Tag Archives: Ian Anderson

Take a sad song and make it better: Led Zeppelin, Bach, and music plagiarism

Last week, one of the most important legal cases of music plagiarism in recent years came to an end when a jury in Los Angeles cleared British musicians Robert Plant and Jimmy Page (authors of the iconic Stairway to Heaven) of stealing the opening riff of one of rock’s most famous and enduring anthems.

The lawsuit had come from the estate of Randy Wolfe (aka Randy California), guitarist of the  LA-based psychedelic band Spirit, on the grounds that Led Zeppelin had used the intro of Taurus (an instrumental composition by Spirit from 1967) for the opening of Stairway to Heaven (released in 1971), pointing at certain similarities between the two passages.

Drawing by Mona Shafer Edwards

A courtroom illustration from the recent trial showing Jimmy Page (right) and Robert Plant (left) / drawing by Mona Shafer Edwards

It is not the first time that Led Zeppelin have been accused of lifting musical passages; other famous examples include claims on behalf of blues masters such as Howlin’ Wolf and Willie Dixon (whose names have subsequently appeared on song credits on some of the band’s reissues), or American songwriter Jake Holmes, whose Dazed and Confused was covered by Led Zeppelin in their debut album without credit (a lawsuit by Holmes was eventually settled out of court in 2012).

News of the latest lawsuit against Led Zeppelin brought to mind some older instances of alleged music plagiarism, such as the copyright infringement suit against George Harrison for his hit song My Sweet Lord in the 1970s (where he was found guilty of ¨subconscious¨plagiarism) or the debate around the similarities between Hotel California and We Used To Know by British rockers Jethro Tull.
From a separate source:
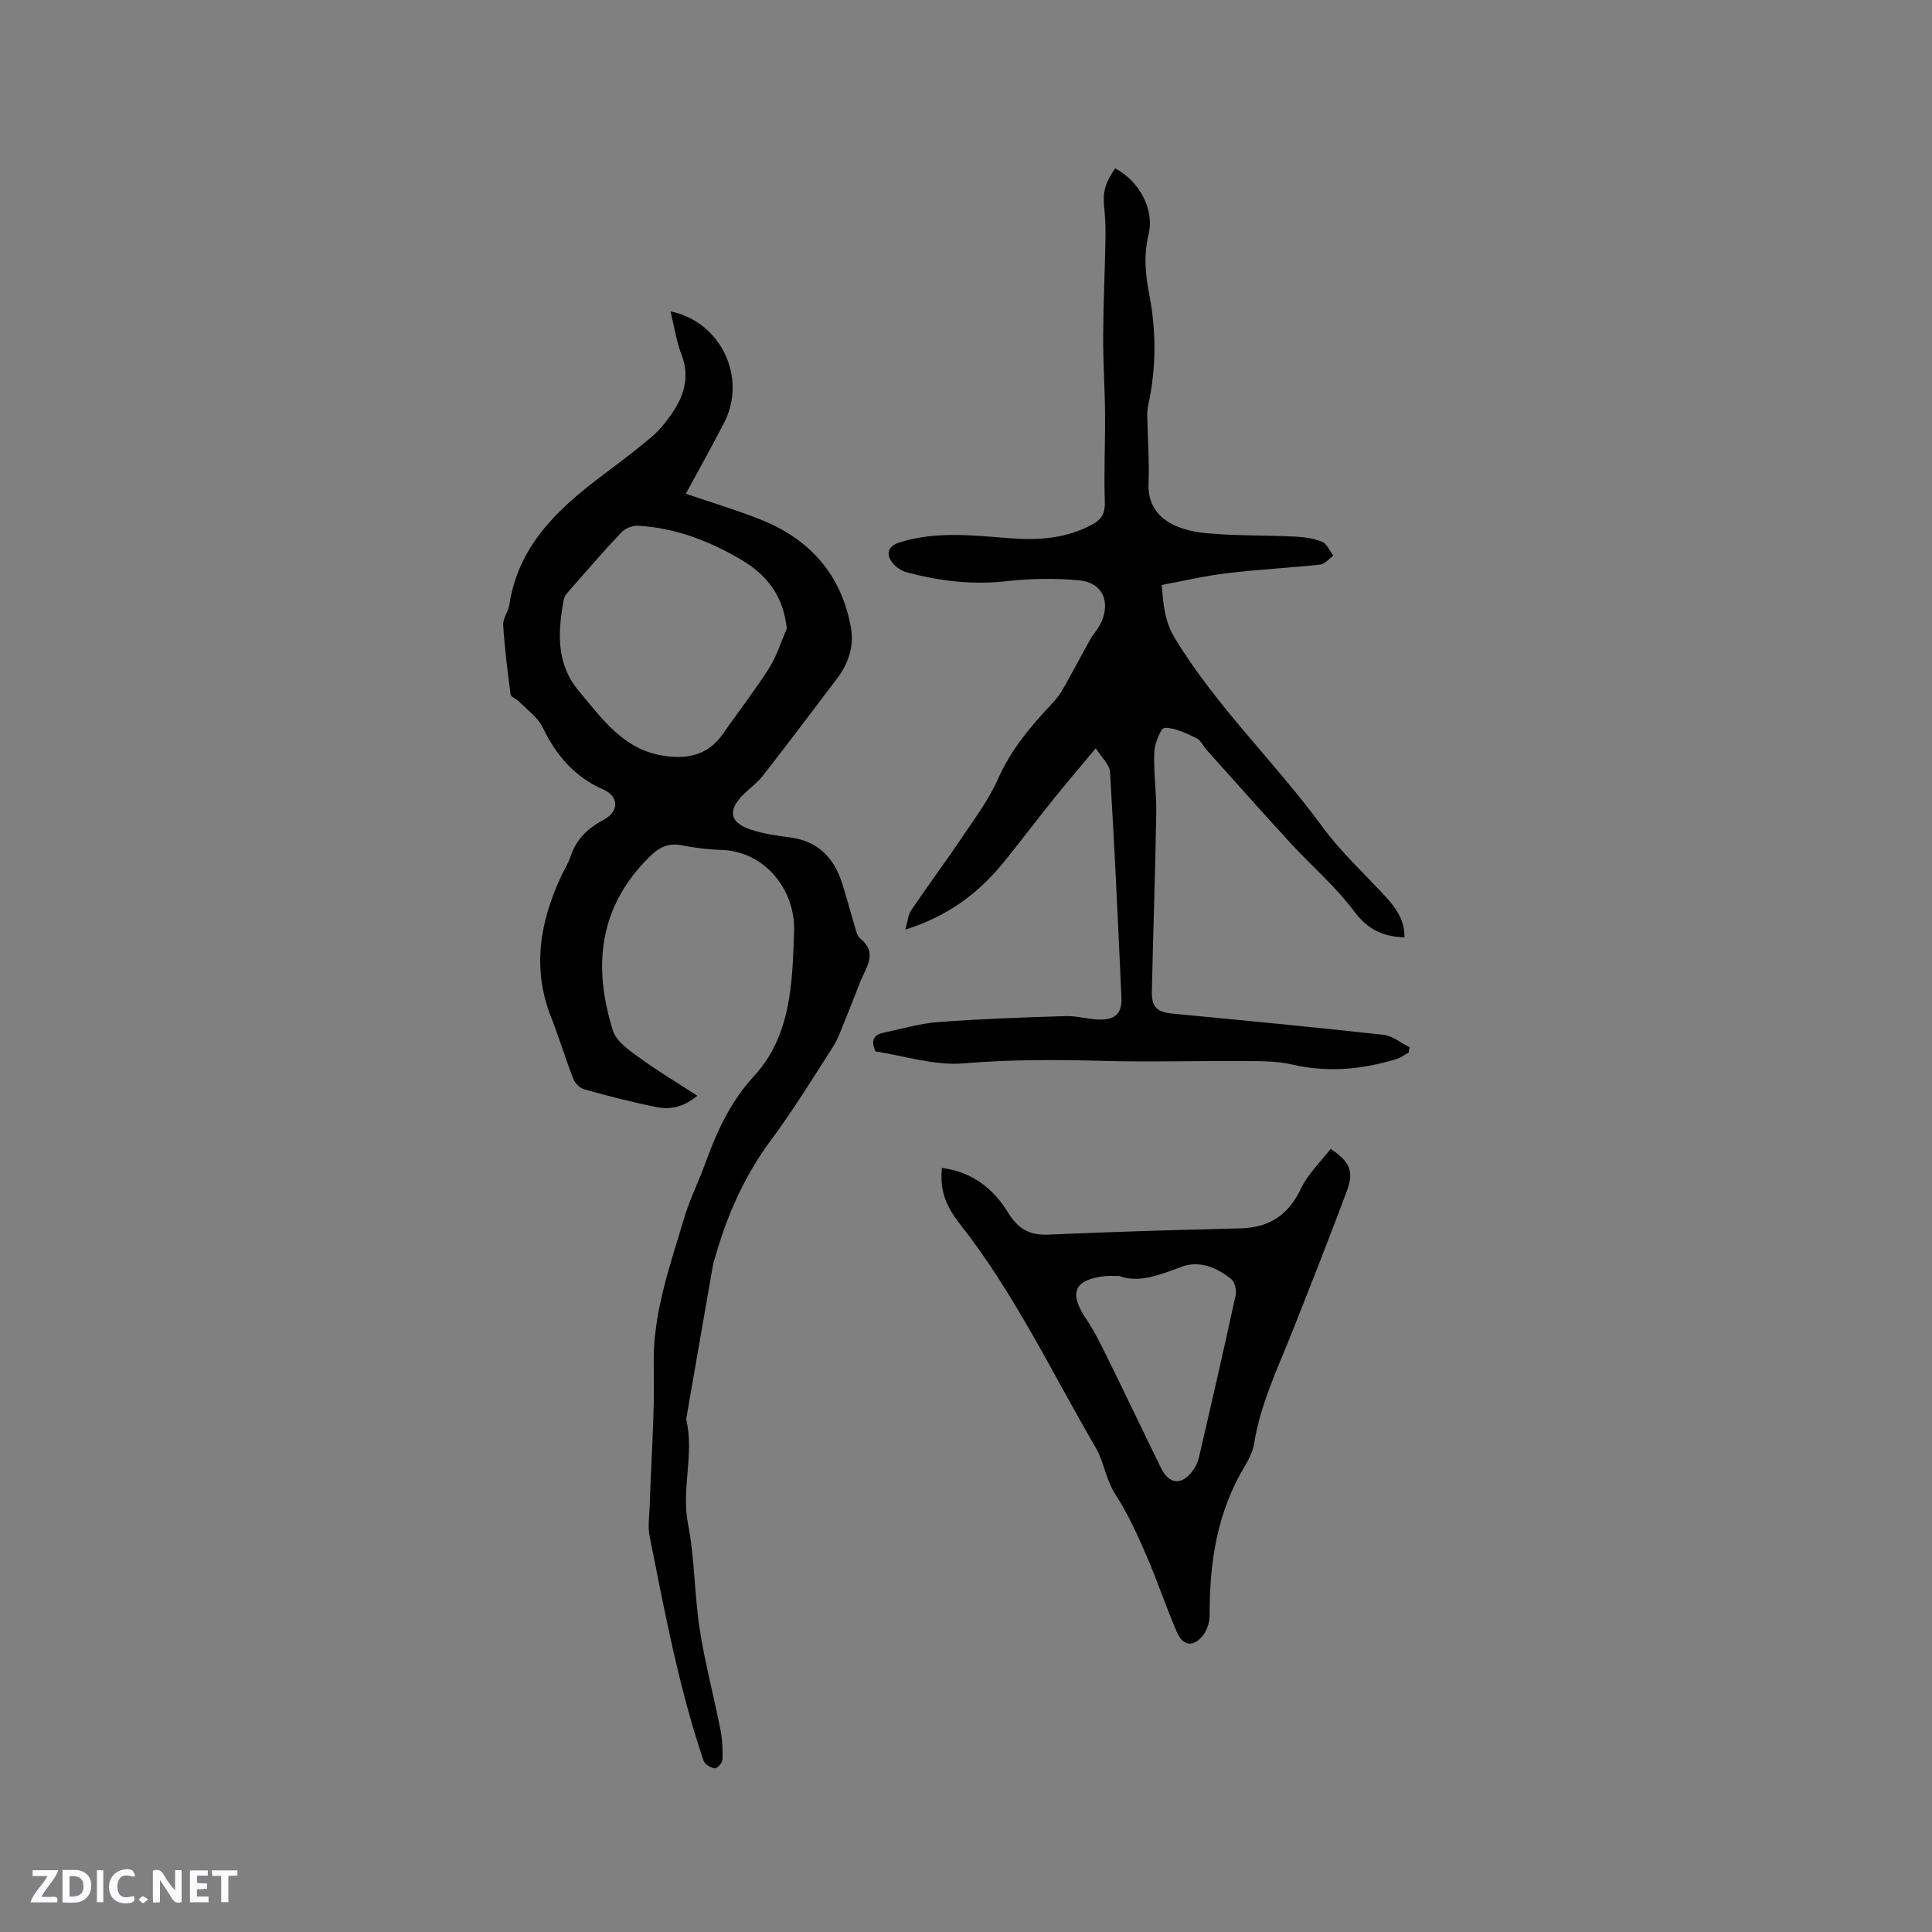 <svg enable-background="new 0 0 400 400" viewBox="0 0 400 400" xmlns="http://www.w3.org/2000/svg"><rect x="0" y="0" width="400" height="400" fill="#808080" stroke="none"/><g fill="#fbfafc"><path d="m37.59 393.81c-.92.31-1.52.05-2-.78-.7-1.2-1.52-2.34-2.47-3.78v4.59c-.55.03-.95.05-1.41.07-.03-.37-.06-.64-.06-.91 0-1.91 0-3.81 0-5.7 1.13-.41 1.77-.03 2.29.91.62 1.11 1.38 2.14 2.31 3.19v-4.2h1.35v6.61z"/><path d="m12.94 393.88v-6.75c1.9.19 3.93-.54 5.37 1.29.8 1.01.78 2.88.03 3.97-1.37 1.97-3.4 1.51-5.4 1.49m1.45-1.22c2.04.12 2.92-.58 2.89-2.21-.03-1.51-.98-2.19-2.89-2z"/><path d="m11.81 393.87h-5.49c.68-2.18 2.47-3.48 3.51-5.45h-3.08v-1.21h5.29c-.71 2.13-2.44 3.48-3.47 5.51.86 0 1.63.04 2.39-.01.79-.05 1.14.21.85 1.16"/><path d="m39.33 393.86v-6.61h3.7v1.07h-2.22v1.52c.68.04 1.34.09 2.07.13v1.07c-.72.05-1.38.09-2.1.14v1.48h2.4v1.19h-3.85z"/><path d="m27.71 388.56c-1.15-.3-2.46-.61-3.1.64-.37.73-.41 1.93-.06 2.67.63 1.35 1.99.93 3.17.68.35.94-.01 1.32-.93 1.46-1.62.25-3.05-.27-3.76-1.48-.73-1.24-.6-3.03.31-4.17.88-1.11 2.71-1.7 4-1.16.32.13.44.74.65 1.12-.1.08-.19.16-.28.24"/><path d="m49.15 387.24v1.07c-.59.02-1.17.05-1.87.08v5.44h-1.48v-5.44h-1.85c-.05-.4-.08-.73-.13-1.15z"/><path d="m20.06 387.21h1.33v6.62h-1.33z"/><path d="m30.68 393.25c-.49.38-.8.79-1.05.76-.32-.05-.6-.45-.9-.7.26-.24.51-.64.8-.67.29-.04.62.3 1.15.61"/></g><path d="m144.37 226.86c-2.67 2.25-5.46 2.93-8.29 2.38-5.07-1-10.09-2.31-15.08-3.69-.92-.25-1.95-1.27-2.3-2.18-1.65-4.23-2.96-8.6-4.62-12.82-3.97-10.1-2.28-19.73 2.13-29.19.63-1.34 1.45-2.62 1.91-4.01 1.16-3.53 3.49-5.83 6.75-7.55 3.32-1.75 3.36-4.88.02-6.35-6-2.63-9.75-7.1-12.54-12.86-1.03-2.12-3.26-3.66-4.98-5.43-.5-.52-1.58-.85-1.65-1.36-.63-4.78-1.24-9.57-1.54-14.38-.09-1.37 1.06-2.77 1.28-4.22 1.85-12.2 10.01-19.83 19.21-26.74 3.47-2.61 6.96-5.21 10.27-8.02 1.59-1.35 2.94-3.06 4.14-4.79 2.57-3.72 3.77-7.65 2.02-12.23-1.08-2.83-1.53-5.91-2.27-8.94 10.43 2.1 15.94 13.71 11.05 23.14-2.48 4.78-5.11 9.49-7.89 14.61 5.39 1.84 10.64 3.39 15.7 5.43 10.04 4.05 16.45 11.31 18.46 22.11.74 3.97-.46 7.55-2.85 10.72-5.1 6.76-10.22 13.52-15.42 20.2-1.09 1.4-2.61 2.46-3.89 3.72-3.4 3.36-2.96 5.91 1.5 7.37 2.59.85 5.36 1.24 8.08 1.6 5.73.75 9.07 4.15 10.76 9.43.97 3.02 1.77 6.1 2.69 9.14.24.8.43 1.83 1.01 2.29 3.79 3.02 1.29 6 .09 9.01-1.04 2.62-2.04 5.26-3.12 7.86-.8 1.94-1.48 3.98-2.6 5.73-4.17 6.51-8.25 13.11-12.85 19.31-5.52 7.45-9.11 15.69-11.59 24.51-.09.31-.23.6-.29.91-1.86 10.66-3.71 21.32-5.56 31.98-.02.1-.07.22-.04.31 1.72 7.16-1.05 14.34.37 21.62 1.4 7.14 1.31 14.57 2.42 21.78 1.07 6.97 2.91 13.82 4.28 20.75.41 2.06.52 4.21.45 6.31-.02.65-1.11 1.85-1.59 1.79-.84-.09-2.07-.81-2.32-1.54-5.14-15.16-8.06-30.87-11.19-46.52-.39-1.93-.06-4.01.01-6.02.31-9.75 1.07-19.5.85-29.24-.25-10.78 3.33-20.6 6.3-30.6 1.17-3.94 3.05-7.67 4.46-11.55 2.35-6.48 5.13-12.55 9.96-17.8 7.72-8.4 7.96-19.16 8.34-29.88.32-8.85-6.14-16.7-15-16.99-2.74-.09-5.51-.41-8.2-.95-2.95-.6-4.83.46-6.91 2.54-10.4 10.38-11.55 22.64-7.39 35.85.67 2.12 3.14 3.89 5.14 5.34 3.81 2.8 7.91 5.25 12.32 8.11zm18.53-96.71c-.7-6.68-4.03-11.03-9.27-14.16-6.62-3.95-13.69-6.67-21.45-7.14-1.15-.07-2.7.5-3.48 1.32-3.65 3.83-7.1 7.85-10.59 11.83-.55.63-1.23 1.33-1.37 2.09-1.27 6.7-1.65 13.33 3.13 19.01 4.94 5.87 9.37 12.34 18.02 13.45 5.01.64 8.94-.47 11.87-4.72 3.13-4.53 6.53-8.87 9.48-13.51 1.58-2.49 2.46-5.43 3.66-8.17z" fill="#010000"/><path d="m230.87 34.85c4.9 2.57 8.21 8.38 6.93 13.67-1.05 4.33-.65 8.38.15 12.52 1.47 7.59 1.43 15.14-.19 22.69-.15.72-.26 1.47-.24 2.21.09 4.7.45 9.42.27 14.11-.29 7.33 5.98 9.79 11.95 10.34 6.1.57 12.27.41 18.41.71 1.89.09 3.86.36 5.58 1.07 1 .41 1.55 1.88 2.31 2.87-.89.64-1.73 1.75-2.68 1.85-6.42.69-12.89 1.01-19.3 1.78-4.48.53-8.89 1.58-13.53 2.44.31 4.15.63 7.59 2.69 10.98 8.62 14.24 20.76 25.69 30.52 39.03 3.85 5.27 8.76 9.76 13.2 14.6 2.17 2.36 3.91 4.9 3.84 8.35-4.5-.13-7.65-1.68-10.45-5.42-3.84-5.14-8.83-9.41-13.2-14.16-5.86-6.37-11.59-12.86-17.37-19.3-.71-.79-1.2-1.97-2.06-2.37-2.1-.99-4.37-2.15-6.56-2.13-.78.01-2.09 3.23-2.16 5.02-.17 4.2.48 8.43.41 12.65-.21 12.28-.64 24.57-.91 36.85-.08 3.4 1.09 4.35 4.47 4.67 14.51 1.38 29.03 2.77 43.52 4.37 1.86.21 3.57 1.68 5.35 2.57-.06.37-.12.75-.18 1.12-.87.46-1.7 1.08-2.62 1.36-7.1 2.14-14.24 2.8-21.59 1.08-3.1-.72-6.42-.68-9.64-.7-9.83-.07-19.66.23-29.48-.04-9.64-.26-19.2-.29-28.85.52-6.03.5-12.28-1.58-18.2-2.47-1.06-2.38-.26-3.47 1.63-3.87 3.82-.81 7.62-1.94 11.49-2.22 8.75-.65 17.54-.96 26.32-1.23 2.3-.07 4.62.69 6.93.72 3.33.05 4.69-1.31 4.55-4.61-.7-15.56-1.43-31.13-2.36-46.68-.09-1.49-1.7-2.88-2.95-4.88-3.26 3.91-5.93 7.02-8.49 10.2-3.52 4.38-6.92 8.86-10.44 13.23-5.24 6.5-11.65 11.35-20.49 14.11.48-1.68.56-3.04 1.21-4.01 3.5-5.17 7.23-10.18 10.71-15.36 2.6-3.86 5.43-7.67 7.29-11.89 2.68-6.07 6.8-10.9 11.23-15.61.86-.91 1.63-1.94 2.24-3.03 1.91-3.37 3.71-6.8 5.6-10.18.62-1.1 1.53-2.05 2.09-3.18 2.26-4.49.51-8.59-4.4-9.05-5-.47-10.14-.37-15.13.19-6.99.78-13.74-.05-20.44-1.81-1.14-.3-2.37-1.09-3.09-2.02-1.47-1.89-.81-3.49 1.48-4.21 7.6-2.39 15.33-1.44 23.03-.85 5.91.45 11.63.01 16.96-2.91 1.85-1.01 2.58-2.28 2.51-4.57-.2-6.13.1-12.27.05-18.41-.04-5.3-.41-10.59-.39-15.88.03-6.45.33-12.91.46-19.36.04-2.21.05-4.45-.18-6.64-.42-3.72-.09-5.44 2.19-8.83z" fill="#010000"/><path d="m195.01 241.81c6.27.79 10.69 4.34 13.62 9.12 2.2 3.58 4.53 4.86 8.54 4.68 13.21-.58 26.43-.97 39.65-1.29 6.01-.15 9.94-2.78 12.55-8.27 1.44-3.04 4.07-5.51 6.12-8.19 4 2.66 4.88 4.64 3.36 8.73-3.61 9.72-7.44 19.35-11.25 28.99-3.03 7.65-6.64 15.09-7.96 23.34-.26 1.62-1.08 3.23-1.94 4.66-5.7 9.5-7.3 19.91-7.26 30.77.01 1.47-.53 3.24-1.45 4.34-1.97 2.38-4.07 2.11-5.31-.74-2.27-5.23-4.06-10.67-6.33-15.9-1.88-4.33-3.85-8.7-6.41-12.64-2-3.08-2.37-6.75-4.08-9.68-9.11-15.62-16.88-32.06-28.17-46.38-3.31-4.23-4.05-7.37-3.68-11.54zm36.71 22.37c-1.49 0-2.13-.06-2.75.01-6.57.67-7.77 3.43-4.09 8.89 1.64 2.44 2.97 5.11 4.27 7.75 3.78 7.67 7.45 15.4 11.22 23.09 1.67 3.41 4.26 3.67 6.52.66.61-.81 1.1-1.81 1.33-2.8 2.6-11.2 5.17-22.4 7.61-33.64.22-1.02-.18-2.72-.93-3.32-2.97-2.43-6.63-3.92-10.3-2.54-4.52 1.7-8.85 3.42-12.88 1.9z" fill="#010000"/></svg>

As Ian Anderson puts it, ¨it’s not plagiarism, it´s just the same chord sequence… it’s difficult to find a chord sequence that hasn’t been used.¨ Now that’s a very interesting remark because it appears that musical ¨borrowings¨ have actually been around as long as music itself. As  a matter of fact, even Bach himself lifted entire passages or melodies from other composers, a practice that was not uncommon or unknown to musicians before (as well as after) him.

It was only with the advent of modern notions such as intellectual property and copyright infringement that such borrowings came to be considered as violations rather than simply loans. Musicians, not unlike scientists, make advances and breakthroughs by building on previous discoveries. Isaac Newton’s famous maxim “if I have seen further, it is by standing on the shoulders of giants” might as well have come from Bach or, for that matter, Led Zeppelin.

As with all arts, there can be no parthenogenesis in music. Picasso’s ¨good artists copy, great artists steal¨ remains as valid today for visual artists as for music composers. Building on a previously existing body of work should not be reprehensible; on the contrary, it is necessary, if not inevitable. The important thing is not to avoid borrowing from past masters, but to successfully use and mold the old knowledge into something new that has its own value and significance.

Perhaps the essential difference between imitation and originality is best captured by Ernest Hemingway, who once said: “In any art you’re allowed to steal anything if you can make it better.”